December 28, 2006: As the rest of the country enjoys a much-deserved holiday, Apple gets embroiled in a stock “backdating” scandal.
The news, centered on the dubious awarding of stock options to Steve Jobs, prompts Apple share prices to fall. Some people even suggest Jobs might have to step down as Apple CEO. Fortunately, that doesn’t happen.
The Apple stock backdating backstory
Backdating stock options refers to the practice of writing an agreement concerning the award of stock options to make it look like they were awarded earlier than they were.
Stock options are frequently tied into executives’ compensation, giving them the option of purchasing a certain amount of stock at a set price. The lower this “strike price” is, the cheaper the executive can buy the stock. When these options “vest” after a period of time, the executive can sell them at the new share price. It’s a nice bonus if the company has increased in value.
Backdating is legal so long as it is disclosed correctly. When it isn’t — and therefore becomes missing information for investors — the practice breaks the law.

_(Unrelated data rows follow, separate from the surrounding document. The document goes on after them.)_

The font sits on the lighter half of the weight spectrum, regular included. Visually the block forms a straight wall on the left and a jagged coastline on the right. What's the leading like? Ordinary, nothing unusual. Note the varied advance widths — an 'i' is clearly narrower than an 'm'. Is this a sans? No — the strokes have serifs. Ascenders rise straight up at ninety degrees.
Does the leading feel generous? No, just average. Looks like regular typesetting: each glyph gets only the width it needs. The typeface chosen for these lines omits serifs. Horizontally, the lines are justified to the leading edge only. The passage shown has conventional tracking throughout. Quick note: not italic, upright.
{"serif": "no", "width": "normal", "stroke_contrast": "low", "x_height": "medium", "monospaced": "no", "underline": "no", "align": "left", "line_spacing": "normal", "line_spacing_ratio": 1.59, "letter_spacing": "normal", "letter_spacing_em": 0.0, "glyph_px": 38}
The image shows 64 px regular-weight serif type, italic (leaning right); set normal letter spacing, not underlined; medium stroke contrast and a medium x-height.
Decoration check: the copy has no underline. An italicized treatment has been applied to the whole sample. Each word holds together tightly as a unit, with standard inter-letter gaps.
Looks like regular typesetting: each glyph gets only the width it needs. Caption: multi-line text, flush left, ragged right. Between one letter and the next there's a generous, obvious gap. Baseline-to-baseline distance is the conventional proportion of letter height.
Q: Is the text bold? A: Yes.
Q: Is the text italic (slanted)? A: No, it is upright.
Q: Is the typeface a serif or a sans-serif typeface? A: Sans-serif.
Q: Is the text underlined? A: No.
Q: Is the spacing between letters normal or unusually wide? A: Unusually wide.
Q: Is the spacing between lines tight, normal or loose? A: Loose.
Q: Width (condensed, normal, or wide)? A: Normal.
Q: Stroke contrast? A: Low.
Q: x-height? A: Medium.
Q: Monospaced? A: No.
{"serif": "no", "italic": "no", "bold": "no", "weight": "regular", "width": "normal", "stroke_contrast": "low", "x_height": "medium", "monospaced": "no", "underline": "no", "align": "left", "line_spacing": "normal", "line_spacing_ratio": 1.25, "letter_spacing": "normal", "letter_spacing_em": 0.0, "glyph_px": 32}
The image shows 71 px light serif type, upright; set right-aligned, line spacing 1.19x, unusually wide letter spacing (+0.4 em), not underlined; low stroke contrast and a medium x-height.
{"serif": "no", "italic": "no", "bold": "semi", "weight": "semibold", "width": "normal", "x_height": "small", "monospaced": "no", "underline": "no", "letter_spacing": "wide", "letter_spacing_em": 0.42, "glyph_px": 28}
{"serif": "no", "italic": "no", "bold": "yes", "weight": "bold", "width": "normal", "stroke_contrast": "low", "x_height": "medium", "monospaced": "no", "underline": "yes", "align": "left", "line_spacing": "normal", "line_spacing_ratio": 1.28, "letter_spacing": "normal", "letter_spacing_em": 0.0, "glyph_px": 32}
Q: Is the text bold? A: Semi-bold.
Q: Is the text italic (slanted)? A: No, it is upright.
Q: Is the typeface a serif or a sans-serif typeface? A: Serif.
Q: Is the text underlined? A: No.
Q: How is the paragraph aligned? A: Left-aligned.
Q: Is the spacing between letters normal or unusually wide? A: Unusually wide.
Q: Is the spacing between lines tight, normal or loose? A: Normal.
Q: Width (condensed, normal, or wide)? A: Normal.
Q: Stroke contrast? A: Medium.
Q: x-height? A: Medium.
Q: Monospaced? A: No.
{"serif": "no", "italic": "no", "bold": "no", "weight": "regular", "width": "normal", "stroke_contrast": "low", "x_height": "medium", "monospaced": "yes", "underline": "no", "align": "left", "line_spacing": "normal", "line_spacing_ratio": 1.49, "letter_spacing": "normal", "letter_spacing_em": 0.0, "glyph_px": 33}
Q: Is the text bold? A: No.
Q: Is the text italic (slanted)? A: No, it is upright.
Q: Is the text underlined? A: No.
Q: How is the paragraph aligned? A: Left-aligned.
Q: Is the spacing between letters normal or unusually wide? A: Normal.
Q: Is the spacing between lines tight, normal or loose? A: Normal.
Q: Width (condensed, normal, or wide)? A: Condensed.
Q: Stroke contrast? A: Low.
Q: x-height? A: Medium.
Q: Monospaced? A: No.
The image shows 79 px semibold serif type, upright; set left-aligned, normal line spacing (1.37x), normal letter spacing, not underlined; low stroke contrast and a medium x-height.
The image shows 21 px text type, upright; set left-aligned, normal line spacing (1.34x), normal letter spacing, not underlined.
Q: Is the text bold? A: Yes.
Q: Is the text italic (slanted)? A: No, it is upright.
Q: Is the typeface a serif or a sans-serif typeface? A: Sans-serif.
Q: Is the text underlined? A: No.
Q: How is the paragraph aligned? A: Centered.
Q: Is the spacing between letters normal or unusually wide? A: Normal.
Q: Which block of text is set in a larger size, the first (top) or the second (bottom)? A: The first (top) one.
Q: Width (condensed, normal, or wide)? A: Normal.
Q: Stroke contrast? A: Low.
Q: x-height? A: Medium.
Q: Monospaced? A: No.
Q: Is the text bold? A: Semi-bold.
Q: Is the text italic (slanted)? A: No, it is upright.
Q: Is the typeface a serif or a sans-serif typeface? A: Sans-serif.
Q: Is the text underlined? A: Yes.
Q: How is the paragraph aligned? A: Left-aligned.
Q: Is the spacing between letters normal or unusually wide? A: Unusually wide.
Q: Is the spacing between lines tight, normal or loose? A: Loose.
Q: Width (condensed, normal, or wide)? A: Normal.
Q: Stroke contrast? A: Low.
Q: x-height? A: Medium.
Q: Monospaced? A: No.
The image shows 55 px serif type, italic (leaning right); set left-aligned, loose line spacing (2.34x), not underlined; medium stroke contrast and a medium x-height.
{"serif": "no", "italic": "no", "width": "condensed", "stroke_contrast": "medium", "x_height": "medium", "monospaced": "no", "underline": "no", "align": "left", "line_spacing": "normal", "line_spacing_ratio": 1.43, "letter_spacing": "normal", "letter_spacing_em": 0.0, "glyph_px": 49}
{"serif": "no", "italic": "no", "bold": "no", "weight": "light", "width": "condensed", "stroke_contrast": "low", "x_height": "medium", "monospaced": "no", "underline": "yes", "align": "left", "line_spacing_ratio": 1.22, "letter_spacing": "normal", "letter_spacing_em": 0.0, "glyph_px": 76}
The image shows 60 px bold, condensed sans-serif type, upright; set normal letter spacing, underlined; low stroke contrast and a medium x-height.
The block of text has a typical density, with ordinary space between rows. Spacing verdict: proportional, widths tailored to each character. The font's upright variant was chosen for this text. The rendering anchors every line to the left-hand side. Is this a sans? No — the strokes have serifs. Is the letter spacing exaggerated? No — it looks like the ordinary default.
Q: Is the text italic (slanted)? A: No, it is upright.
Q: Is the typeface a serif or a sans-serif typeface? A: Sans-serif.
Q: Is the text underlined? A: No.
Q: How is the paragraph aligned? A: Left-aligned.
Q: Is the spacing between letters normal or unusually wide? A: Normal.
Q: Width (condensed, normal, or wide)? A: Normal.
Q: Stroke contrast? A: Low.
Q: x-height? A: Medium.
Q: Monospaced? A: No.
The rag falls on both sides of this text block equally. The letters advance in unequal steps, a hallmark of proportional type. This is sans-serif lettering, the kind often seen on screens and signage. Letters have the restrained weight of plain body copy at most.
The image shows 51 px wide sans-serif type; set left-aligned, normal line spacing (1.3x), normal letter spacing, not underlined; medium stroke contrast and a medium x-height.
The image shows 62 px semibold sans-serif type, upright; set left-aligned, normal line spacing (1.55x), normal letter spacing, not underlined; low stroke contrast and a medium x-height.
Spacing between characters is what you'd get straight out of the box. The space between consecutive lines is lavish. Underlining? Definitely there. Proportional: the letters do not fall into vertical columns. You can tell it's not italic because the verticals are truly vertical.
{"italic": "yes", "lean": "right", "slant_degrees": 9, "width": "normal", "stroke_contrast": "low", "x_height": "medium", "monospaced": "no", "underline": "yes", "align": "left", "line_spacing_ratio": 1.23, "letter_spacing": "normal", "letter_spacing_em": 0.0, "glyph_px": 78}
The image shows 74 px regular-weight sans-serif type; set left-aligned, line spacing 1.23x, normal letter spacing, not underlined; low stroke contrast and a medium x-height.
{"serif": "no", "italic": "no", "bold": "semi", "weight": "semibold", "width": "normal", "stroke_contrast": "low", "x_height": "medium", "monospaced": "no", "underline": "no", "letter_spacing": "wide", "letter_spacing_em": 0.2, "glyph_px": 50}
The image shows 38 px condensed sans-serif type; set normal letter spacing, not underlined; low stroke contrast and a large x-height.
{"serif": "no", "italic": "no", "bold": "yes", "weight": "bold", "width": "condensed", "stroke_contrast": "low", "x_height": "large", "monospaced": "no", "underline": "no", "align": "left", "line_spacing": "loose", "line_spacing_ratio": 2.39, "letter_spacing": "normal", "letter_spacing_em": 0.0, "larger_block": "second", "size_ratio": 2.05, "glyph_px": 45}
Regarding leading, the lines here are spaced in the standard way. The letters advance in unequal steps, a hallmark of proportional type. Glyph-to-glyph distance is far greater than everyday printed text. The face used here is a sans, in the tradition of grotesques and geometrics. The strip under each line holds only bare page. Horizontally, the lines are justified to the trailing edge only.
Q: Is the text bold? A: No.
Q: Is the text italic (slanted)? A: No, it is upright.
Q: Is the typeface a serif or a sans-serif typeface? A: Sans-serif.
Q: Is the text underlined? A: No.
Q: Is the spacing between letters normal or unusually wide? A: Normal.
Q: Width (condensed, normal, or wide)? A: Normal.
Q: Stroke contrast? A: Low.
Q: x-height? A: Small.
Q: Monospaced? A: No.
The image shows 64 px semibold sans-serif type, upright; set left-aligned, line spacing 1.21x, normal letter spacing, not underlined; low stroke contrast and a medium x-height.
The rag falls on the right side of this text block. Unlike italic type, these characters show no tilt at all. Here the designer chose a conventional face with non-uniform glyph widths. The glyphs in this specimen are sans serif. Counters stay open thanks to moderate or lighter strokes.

According to Forbes (who broke the backdating story), Jobs was awarded 7.5 million shares approved at Apple’s August 29, 2001, board meeting. At that time, Apple’s share price was $17.83. However, because Jobs continued to argue over the point at which they would vest, Apple missed the deadlines it needed to file the right information with the Securities and Exchange Commssion and its auditors.
It took until December that year until terms were finally agreed upon, at which point Apple’s stock price was $21.01. Backdating was then carried out to give Jobs a lower share price which, on paper, made him $20 million richer.
News of the Apple backdating scandal didn’t find its way into the public consciousness until late 2006. The company was the most prominent of several to have engaged in similar behavior, including Broadcom, Novell, McAfee and CNET. Because of how widespread the behavior was, it never presented a realistic possibility that Jobs would lose his, err, job as part of the scandal.
However, it was certainly enough to cause a bit of concern at Apple, considering the crucial role Jobs had played in turning the company around since his return a decade earlier. The scandal also challenged people’s perception of Apple as “the good guys” and Jobs’ as a CEO who wasn’t money-hungry.
(Over the next year, this perception that Apple was no longer a scrappy underdog fighting the establishment would again be challenged when Apple sought legal action against bloggers for reporting on the company’s trade secrets.)
In the end, the SEC announced in April 2007 that it would not pursue a case against Apple — in part because the company had set up an internal investigation into the stock scandal so rapidly. However, Apple’s former CFO Fred Anderson, who was on Apple’s board, and general counsel Nancy Heinen, did have complaints made against them. Ultimately, Anderson resigned and Heinen paid a $2.2 million fine without admitting liability.
Apple also paid $14 million in damages.
Apple stock fell 9 percent based on the initial news about the scandal, although it didn’t take long for things to rebound. The reason? A shiny new product Jobs would show off for the first time less than two weeks later, in January 2007. As CNN Money wrote in its December 28 story, “Apple: Is Jobs’ job on the line?”:
“[P]erhaps the biggest catalyst for Apple’s stock could be the release of a cell phone, which has been widely anticipated for months. Some have speculated that Apple could unveil its phone at the Macworld Expo, an event held every January that Apple has often used to showcase new products. Macworld will run from January 8 through January 12 in San Francisco.”
If people were looking for something to turn around Apple stock, the debut of the iPhone was certainly it — to a larger degree than virtually anyone imagined.